Your answer must consist of every line from the data below that includes the word "བཏགས".
(DATA FOR ANALYSIS)
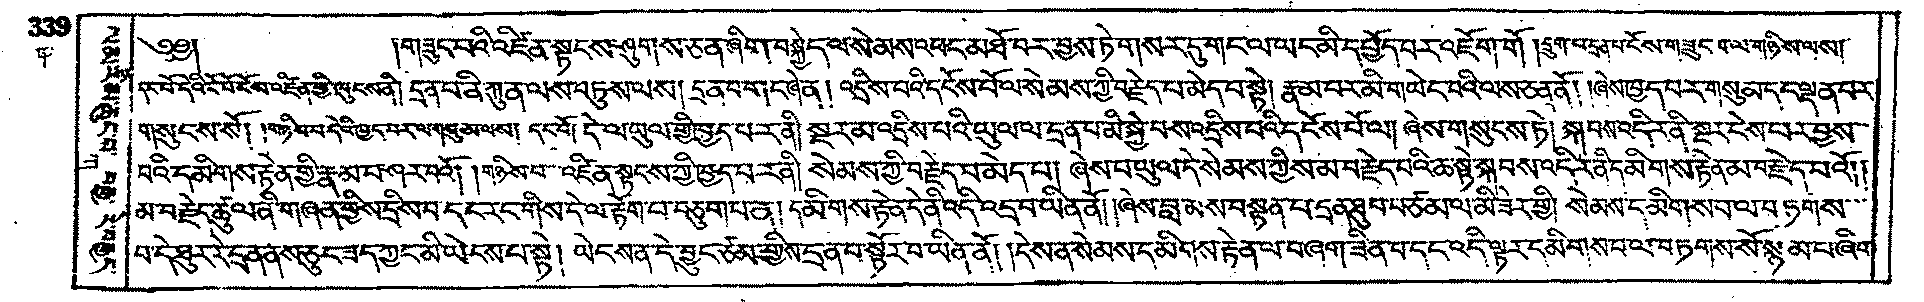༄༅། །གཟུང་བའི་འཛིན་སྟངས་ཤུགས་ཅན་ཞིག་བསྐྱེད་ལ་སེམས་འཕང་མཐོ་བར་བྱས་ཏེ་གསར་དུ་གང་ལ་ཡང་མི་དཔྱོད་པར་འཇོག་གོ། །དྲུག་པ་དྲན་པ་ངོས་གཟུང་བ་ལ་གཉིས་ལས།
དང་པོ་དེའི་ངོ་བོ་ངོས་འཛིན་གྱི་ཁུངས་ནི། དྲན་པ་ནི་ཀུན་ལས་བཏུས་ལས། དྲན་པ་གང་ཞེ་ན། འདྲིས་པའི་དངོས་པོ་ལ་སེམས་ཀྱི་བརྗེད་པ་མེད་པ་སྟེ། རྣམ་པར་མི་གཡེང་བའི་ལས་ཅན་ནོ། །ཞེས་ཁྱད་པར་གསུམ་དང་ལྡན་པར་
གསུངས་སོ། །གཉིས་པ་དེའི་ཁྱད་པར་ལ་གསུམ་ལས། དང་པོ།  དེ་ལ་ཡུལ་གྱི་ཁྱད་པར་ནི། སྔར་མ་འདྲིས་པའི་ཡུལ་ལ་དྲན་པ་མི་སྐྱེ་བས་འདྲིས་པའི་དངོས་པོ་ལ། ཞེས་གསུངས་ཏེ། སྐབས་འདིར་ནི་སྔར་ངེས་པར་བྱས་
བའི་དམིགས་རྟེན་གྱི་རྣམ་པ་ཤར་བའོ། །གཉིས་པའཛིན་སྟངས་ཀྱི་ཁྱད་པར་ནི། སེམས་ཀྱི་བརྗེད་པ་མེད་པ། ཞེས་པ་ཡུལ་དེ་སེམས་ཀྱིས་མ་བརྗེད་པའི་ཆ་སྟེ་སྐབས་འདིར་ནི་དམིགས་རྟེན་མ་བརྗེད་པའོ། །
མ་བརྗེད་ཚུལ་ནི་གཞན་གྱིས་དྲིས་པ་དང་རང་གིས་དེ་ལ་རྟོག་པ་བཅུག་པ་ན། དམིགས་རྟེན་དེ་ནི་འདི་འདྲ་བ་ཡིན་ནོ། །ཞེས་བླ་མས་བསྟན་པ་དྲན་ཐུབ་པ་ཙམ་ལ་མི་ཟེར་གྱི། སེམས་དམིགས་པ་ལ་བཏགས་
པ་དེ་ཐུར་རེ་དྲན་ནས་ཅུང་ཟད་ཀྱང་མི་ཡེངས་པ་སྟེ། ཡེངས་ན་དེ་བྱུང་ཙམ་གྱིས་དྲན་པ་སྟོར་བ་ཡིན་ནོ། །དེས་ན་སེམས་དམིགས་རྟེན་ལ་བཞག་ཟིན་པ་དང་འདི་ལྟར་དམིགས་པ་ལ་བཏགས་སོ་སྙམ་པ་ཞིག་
(End DATA FOR ANALYSIS)
WRITTEN REPLY:
མ་བརྗེད་ཚུལ་ནི་གཞན་གྱིས་དྲིས་པ་དང་རང་གིས་དེ་ལ་རྟོག་པ་བཅུག་པ་ན། དམིགས་རྟེན་དེ་ནི་འདི་འདྲ་བ་ཡིན་ནོ། །ཞེས་བླ་མས་བསྟན་པ་དྲན་ཐུབ་པ་ཙམ་ལ་མི་ཟེར་གྱི། སེམས་དམིགས་པ་ལ་བཏགས་
པ་དེ་ཐུར་རེ་དྲན་ནས་ཅུང་ཟད་ཀྱང་མི་ཡེངས་པ་སྟེ། ཡེངས་ན་དེ་བྱུང་ཙམ་གྱིས་དྲན་པ་སྟོར་བ་ཡིན་ནོ། །དེས་ན་སེམས་དམིགས་རྟེན་ལ་བཞག་ཟིན་པ་དང་འདི་ལྟར་དམིགས་པ་ལ་བཏགས་སོ་སྙམ་པ་ཞིག་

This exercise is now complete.